Data in this exercise:
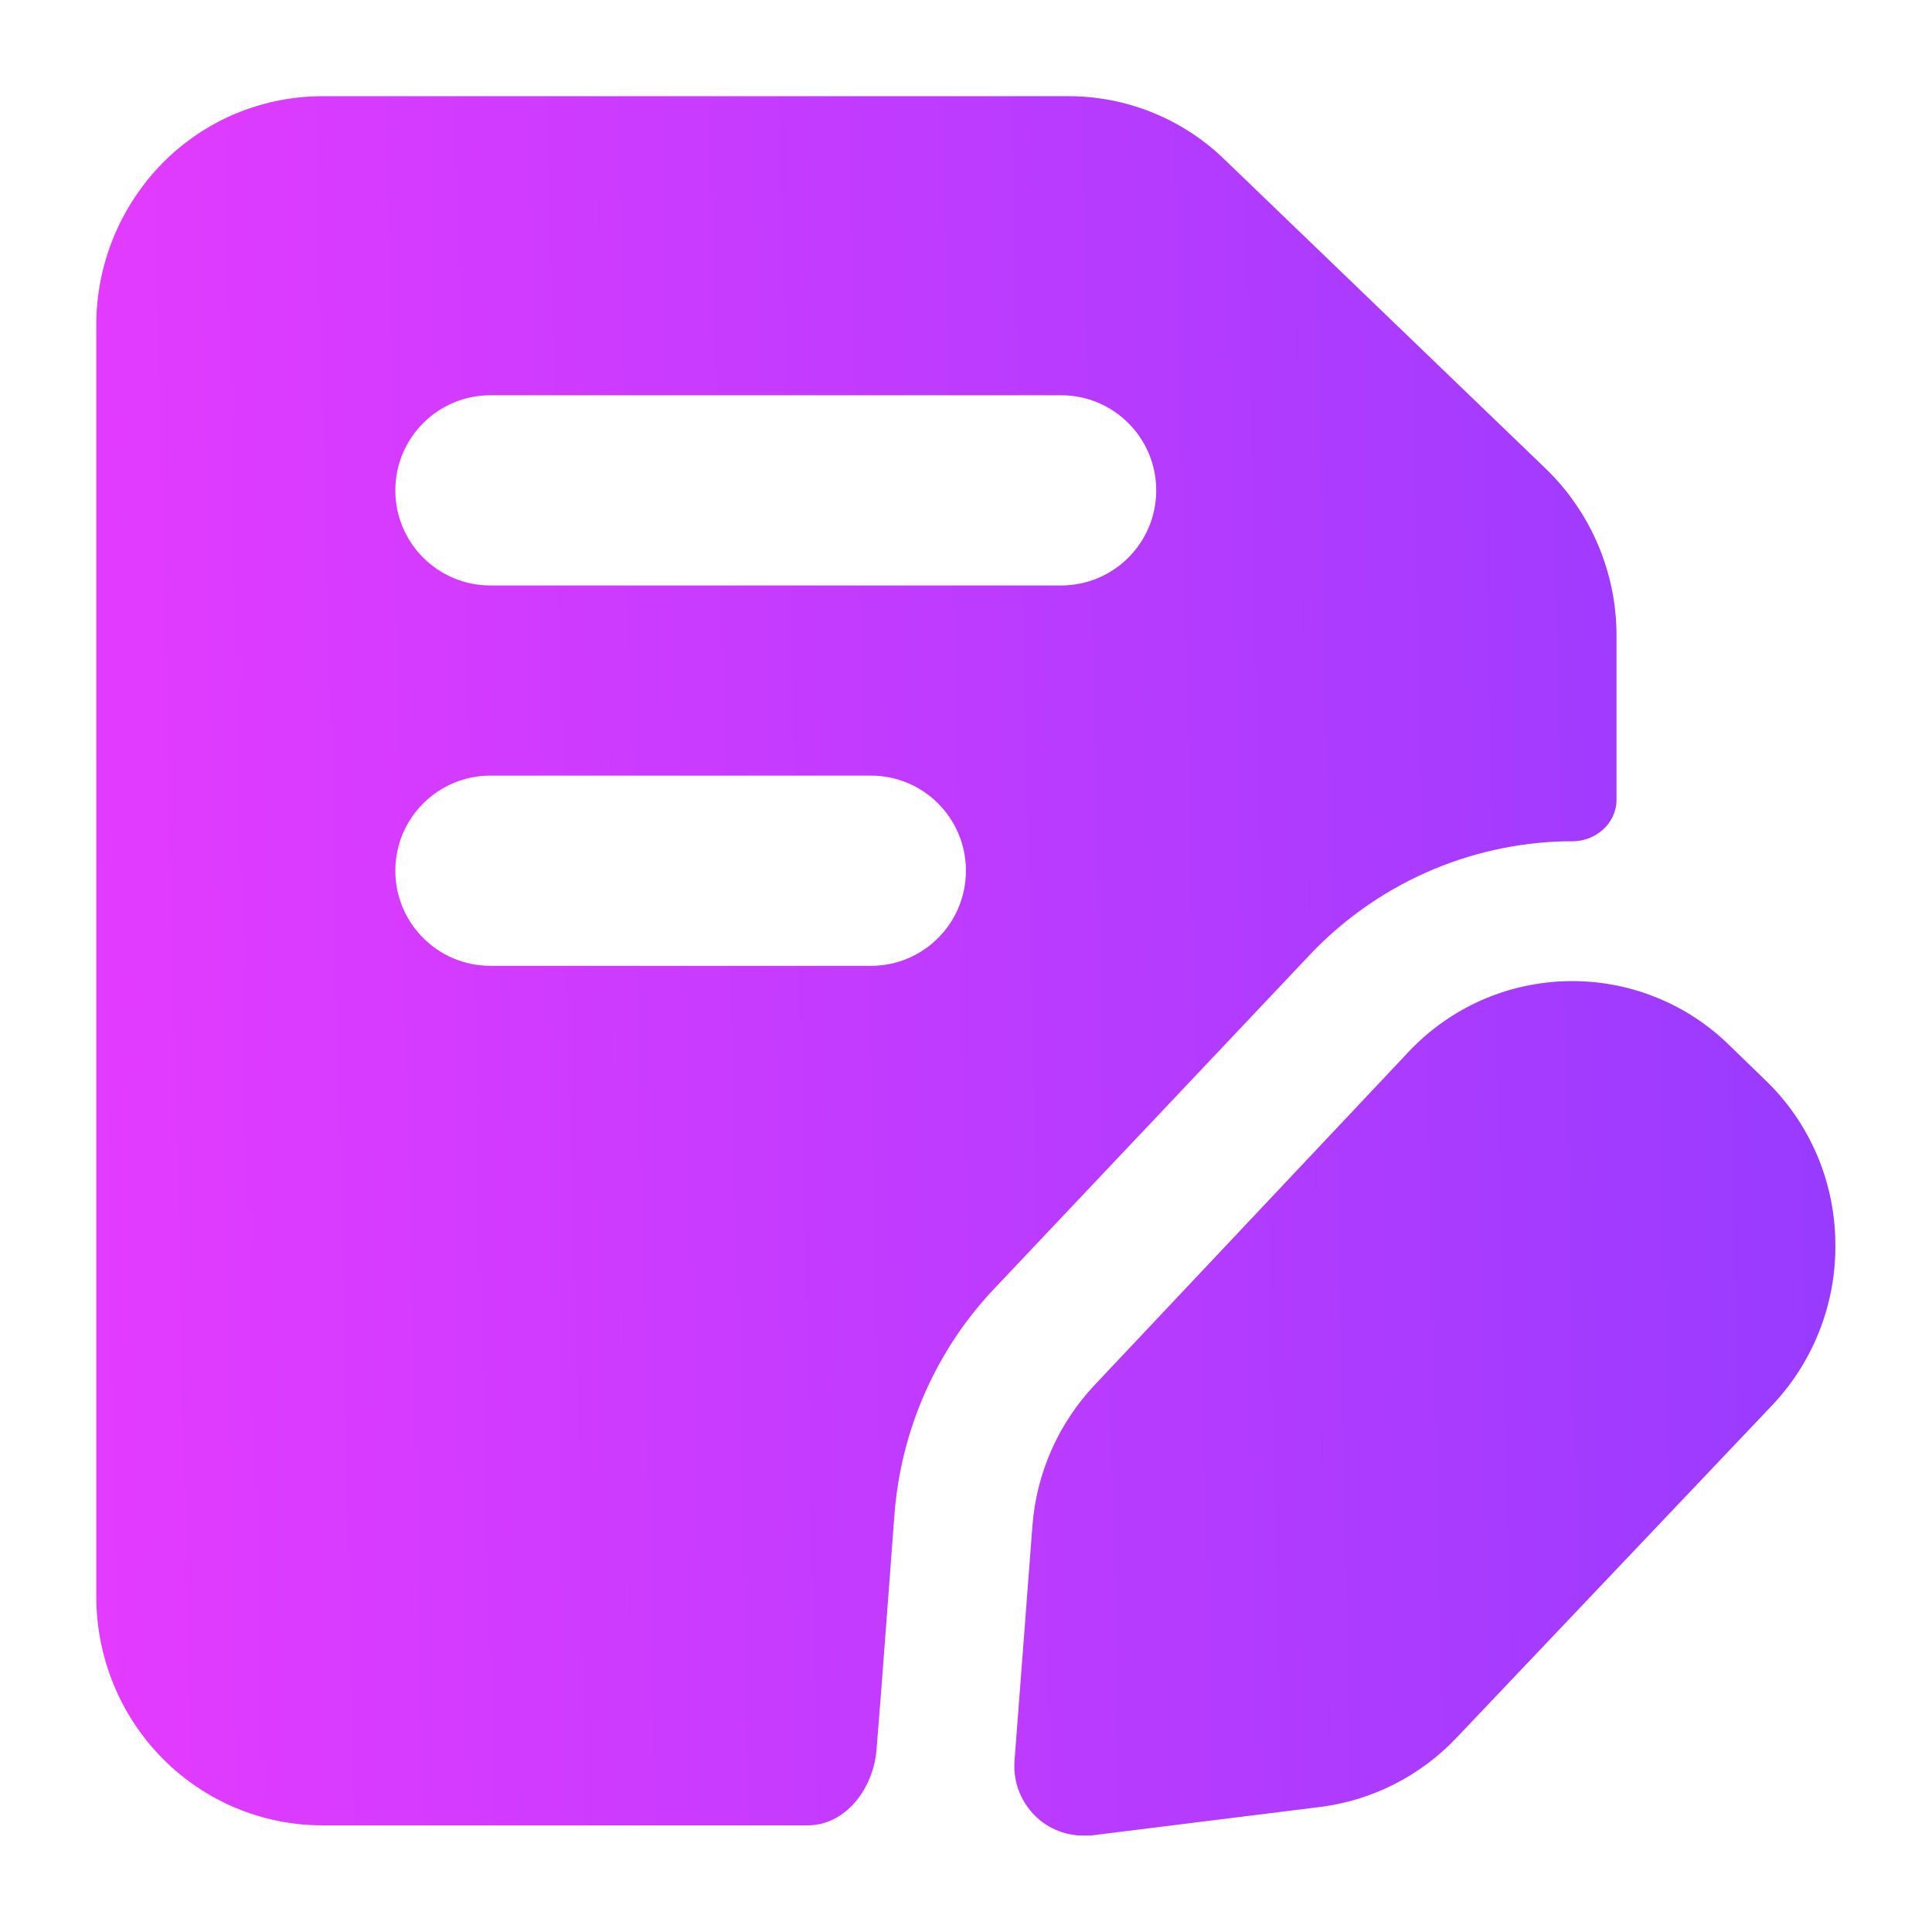 <svg width="24" height="24" viewBox="0 0 24 24" fill="none" xmlns="http://www.w3.org/2000/svg">
<path d="M19.474 12.188C19.843 12.181 20.211 12.246 20.554 12.382C20.898 12.517 21.211 12.72 21.476 12.978L21.939 13.427C22.207 13.686 22.42 13.996 22.568 14.339C22.715 14.681 22.794 15.049 22.799 15.422C22.816 16.174 22.536 16.903 22.02 17.451L18.089 21.592C17.64 22.064 17.041 22.367 16.398 22.447L13.545 22.802H13.454C13.336 22.802 13.219 22.777 13.111 22.729C13.003 22.682 12.907 22.612 12.828 22.525C12.748 22.437 12.686 22.333 12.647 22.221C12.608 22.108 12.594 21.988 12.603 21.87L12.825 18.957C12.874 18.3 13.149 17.681 13.597 17.206L17.506 13.058C17.76 12.79 18.065 12.575 18.403 12.425C18.741 12.276 19.105 12.196 19.474 12.188ZM13.274 1.195C13.994 1.195 14.687 1.475 15.205 1.975L19.207 5.827C19.483 6.095 19.703 6.417 19.853 6.771C20.003 7.126 20.081 7.507 20.081 7.892V9.936C20.081 10.227 19.824 10.451 19.534 10.451H19.441C18.846 10.465 18.261 10.596 17.717 10.838C17.174 11.079 16.684 11.426 16.275 11.857L12.357 16.002C11.632 16.763 11.191 17.76 11.111 18.819L10.951 20.946L10.889 21.73C10.854 22.208 10.511 22.675 10.034 22.675H4.003C3.257 22.675 2.543 22.375 2.018 21.843C1.491 21.31 1.196 20.587 1.196 19.831V4.04C1.195 3.288 1.49 2.566 2.016 2.029C2.275 1.766 2.584 1.556 2.924 1.413C3.265 1.27 3.631 1.196 4 1.195H13.274ZM6.092 9.635C5.44 9.635 4.911 10.164 4.911 10.816C4.911 11.469 5.44 11.998 6.092 11.998H10.819C11.471 11.998 11.999 11.469 11.999 10.816C11.999 10.164 11.471 9.635 10.819 9.635H6.092ZM6.092 4.91C5.44 4.91 4.911 5.439 4.911 6.092C4.911 6.744 5.44 7.273 6.092 7.273H13.181C13.834 7.273 14.363 6.744 14.363 6.092C14.363 5.439 13.834 4.91 13.181 4.91H6.092Z" fill="url(#paint0_linear_9907_3929)"/>
<defs>
<linearGradient id="paint0_linear_9907_3929" x1="1.196" y1="14.54" x2="22.789" y2="14.057" gradientUnits="userSpaceOnUse">
<stop stop-color="#E33BFF"/>
<stop offset="1" stop-color="#983BFF"/>
</linearGradient>
</defs>
</svg>

The problem:
Copy the listing above word for word. Do not include the pictures.

Result of the exercise:
 <svg width="24" height="24" viewBox="0 0 24 24" fill="none" xmlns="http://www.w3.org/2000/svg">
<path d="M19.474 12.188C19.843 12.181 20.211 12.246 20.554 12.382C20.898 12.517 21.211 12.72 21.476 12.978L21.939 13.427C22.207 13.686 22.42 13.996 22.568 14.339C22.715 14.681 22.794 15.049 22.799 15.422C22.816 16.174 22.536 16.903 22.02 17.451L18.089 21.592C17.64 22.064 17.041 22.367 16.398 22.447L13.545 22.802H13.454C13.336 22.802 13.219 22.777 13.111 22.729C13.003 22.682 12.907 22.612 12.828 22.525C12.748 22.437 12.686 22.333 12.647 22.221C12.608 22.108 12.594 21.988 12.603 21.87L12.825 18.957C12.874 18.3 13.149 17.681 13.597 17.206L17.506 13.058C17.76 12.79 18.065 12.575 18.403 12.425C18.741 12.276 19.105 12.196 19.474 12.188ZM13.274 1.195C13.994 1.195 14.687 1.475 15.205 1.975L19.207 5.827C19.483 6.095 19.703 6.417 19.853 6.771C20.003 7.126 20.081 7.507 20.081 7.892V9.936C20.081 10.227 19.824 10.451 19.534 10.451H19.441C18.846 10.465 18.261 10.596 17.717 10.838C17.174 11.079 16.684 11.426 16.275 11.857L12.357 16.002C11.632 16.763 11.191 17.76 11.111 18.819L10.951 20.946L10.889 21.73C10.854 22.208 10.511 22.675 10.034 22.675H4.003C3.257 22.675 2.543 22.375 2.018 21.843C1.491 21.31 1.196 20.587 1.196 19.831V4.04C1.195 3.288 1.49 2.566 2.016 2.029C2.275 1.766 2.584 1.556 2.924 1.413C3.265 1.27 3.631 1.196 4 1.195H13.274ZM6.092 9.635C5.44 9.635 4.911 10.164 4.911 10.816C4.911 11.469 5.44 11.998 6.092 11.998H10.819C11.471 11.998 11.999 11.469 11.999 10.816C11.999 10.164 11.471 9.635 10.819 9.635H6.092ZM6.092 4.91C5.44 4.91 4.911 5.439 4.911 6.092C4.911 6.744 5.44 7.273 6.092 7.273H13.181C13.834 7.273 14.363 6.744 14.363 6.092C14.363 5.439 13.834 4.91 13.181 4.91H6.092Z" fill="url(#paint0_linear_9907_3929)"/>
<defs>
<linearGradient id="paint0_linear_9907_3929" x1="1.196" y1="14.54" x2="22.789" y2="14.057" gradientUnits="userSpaceOnUse">
<stop stop-color="#E33BFF"/>
<stop offset="1" stop-color="#983BFF"/>
</linearGradient>
</defs>
</svg>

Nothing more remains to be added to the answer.